This Week In Veloren 137
This week, we break down how the 0.11 release party went and examine server metrics.
- AngelOnFira, TWiV Editor
Contributor Work
Thanks to this week's contributors, @zesterer, @Sam, @Capucho, @xMAC94x, @imbris, and @Pfau!
This week, 0.11 was released! The release party was the largest yet, with 181 players on the server at once. You can read the blog post with the changelog here. If you haven't already, check out the trailer:
During the release party, some devs chatted about what new changes there were, as well as some more technical details about the launch. You can check that out here:
Analyzing the release party by @AngelOnFira
Images by @YuriMomo
This release party was by far the best yet from the perspective of the infrastructure team.
In previous releases, our server started having major issues as we reached our record player counts. There were also several issues we didn't see before having that many players online, such as deadlocks in players connecting, or having certain systems taking longer each tick, causing a snowball effect.
With this release however, we did not experience any of these issues. The largest problem we found was that our entity sync system was taking too much time, since it hasn't been parallelized properly.

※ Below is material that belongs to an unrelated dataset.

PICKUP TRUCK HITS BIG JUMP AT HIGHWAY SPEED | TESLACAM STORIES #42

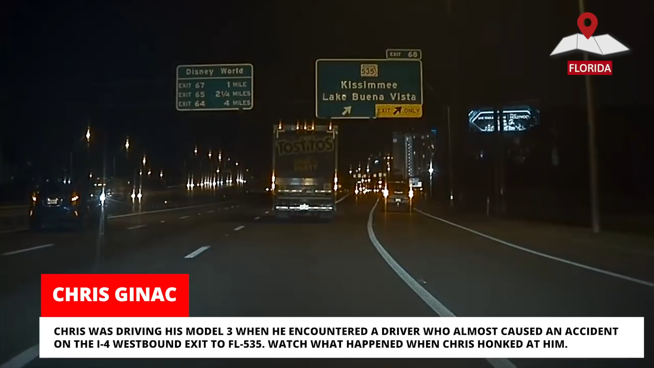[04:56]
Chris was driving his Model 3 when he encountered a driver who almost caused an accident on the I-4 westbound exit to FL-535.
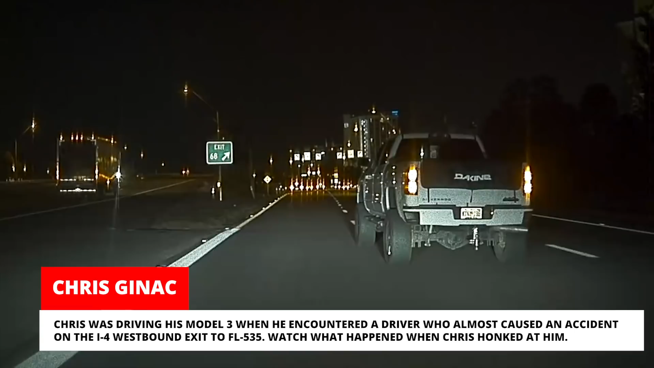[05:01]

But it didn't cause larger issues in the release party. Even with the 181 players, the server was still operating nominally!

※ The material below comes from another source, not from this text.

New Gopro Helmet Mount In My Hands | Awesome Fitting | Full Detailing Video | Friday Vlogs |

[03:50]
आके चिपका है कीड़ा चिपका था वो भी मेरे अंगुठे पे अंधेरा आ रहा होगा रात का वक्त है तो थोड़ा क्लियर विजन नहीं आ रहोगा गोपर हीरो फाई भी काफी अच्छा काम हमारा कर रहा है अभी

We ran the release party on a 48 core compute server in a Hetzner datacenter. For the last release party, we used a 32 core server. Throughout that party, we were still struggling under the load of several systems. It's hard to say how much this server helped improve the performance overall, but it clearly helped with several of the larger systems.
In the image above, we can see that the heaviest systems are terrain and physics. Each tick is supposed to be around 33 milliseconds, which will create 30 ticks per second. Terrain is taking 523 ms, while physics is taking 252 ms. This is because they are combining work over all 48 cores to add to this time.
Above, we get a larger breakdown of the "slow systems" that are taking up time on the main thread. We can see that times for the terrain and physics systems are quite small since they're parallelizing nicely. However, entity sync is much higher. We can also see that it becomes a larger problem later during the release party. This should be fixed before the next large server party.
Above, we can see our bandwidth usage. At peak, we were transmitting around 40 megabytes per second. This is about a third of what the cloud server can offer with its gigabit internet, but we should expect it not to meet those limits, as cloud instances share the uplink with other VMs on the same host machine. Going forward, bandwidth is something we'll work on improving. This is both to take the load off the server, but make it easier for clients as well.